Here's what actually issued. On June 11, 2024, Intel Corporation was granted US12008067B2, "Sparse matrix multiplication acceleration mechanism," inventors including Subramaniam Maiyuran and Jorge Parra. The CPC codes are arithmetic-and-dataflow: G06F 17/16 (matrix operations), G06F 7/4876, G06F 9/3001, plus memory code G06F 13/1673.
The mechanism is exploiting zeros. Many of the matrices in modern neural networks are sparse — full of zero-valued weights or activations, often deliberately, through pruning. Multiplying by zero wastes time and energy. A sparse matrix-multiplication accelerator skips the zeros: it stores only the nonzero entries and routes the hardware to compute only the products that matter. Done right, that turns sparsity into real speedups instead of wasted cycles.
This is the natural next move after dense matrix-multiply hardware: once you've made the full computation fast, you attack the redundant part of it. For Intel, whose accelerators compete on throughput per watt, owning a sparse-multiply mechanism protects an efficiency lever that becomes more valuable as models get larger and sparser.

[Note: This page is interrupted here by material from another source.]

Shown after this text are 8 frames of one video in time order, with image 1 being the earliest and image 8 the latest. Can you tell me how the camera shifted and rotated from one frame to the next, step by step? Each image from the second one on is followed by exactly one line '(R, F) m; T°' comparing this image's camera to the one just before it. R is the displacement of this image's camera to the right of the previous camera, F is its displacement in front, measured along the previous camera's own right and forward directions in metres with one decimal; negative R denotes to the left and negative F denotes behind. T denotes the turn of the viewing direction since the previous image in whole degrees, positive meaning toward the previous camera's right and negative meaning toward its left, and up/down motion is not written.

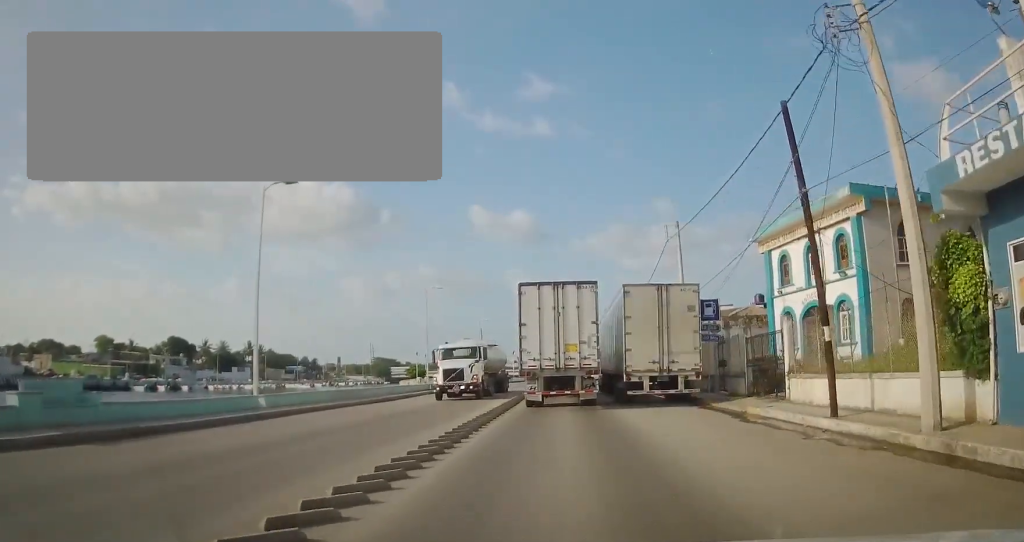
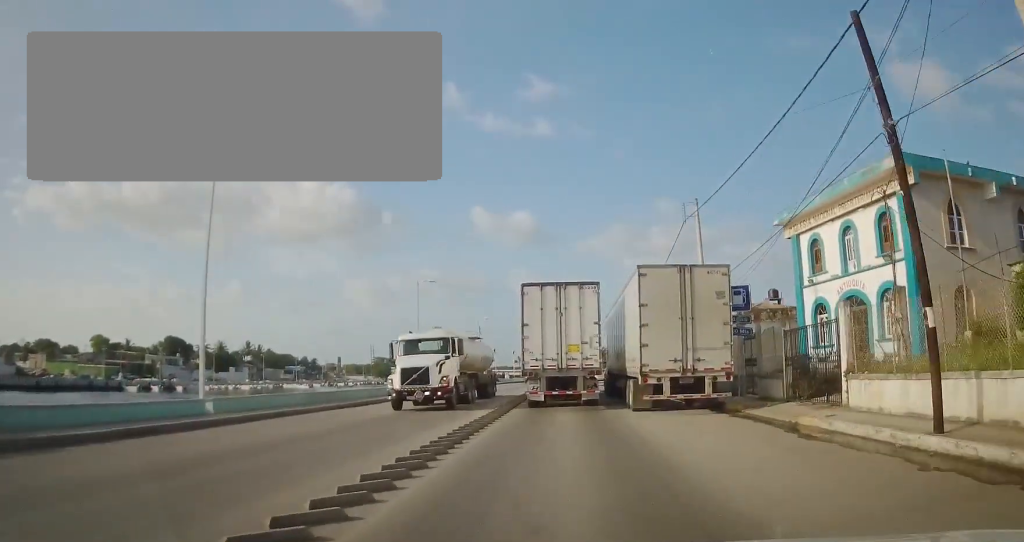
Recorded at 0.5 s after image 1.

On scope: granted B2, enforceable, but the claims describe a specific sparse-multiplication acceleration mechanism. Sparsity and sparse linear algebra are broad, well-studied fields; what's fenced is Intel's particular hardware mechanism. The arithmetic CPCs and claim 1 set the boundary.
The takeaway: US12008067B2 pairs naturally with the dense matrix-multiply grants in the record — together they show the silicon vendors patenting both halves of the accelerator story: do the math fast, then skip the math you don't need.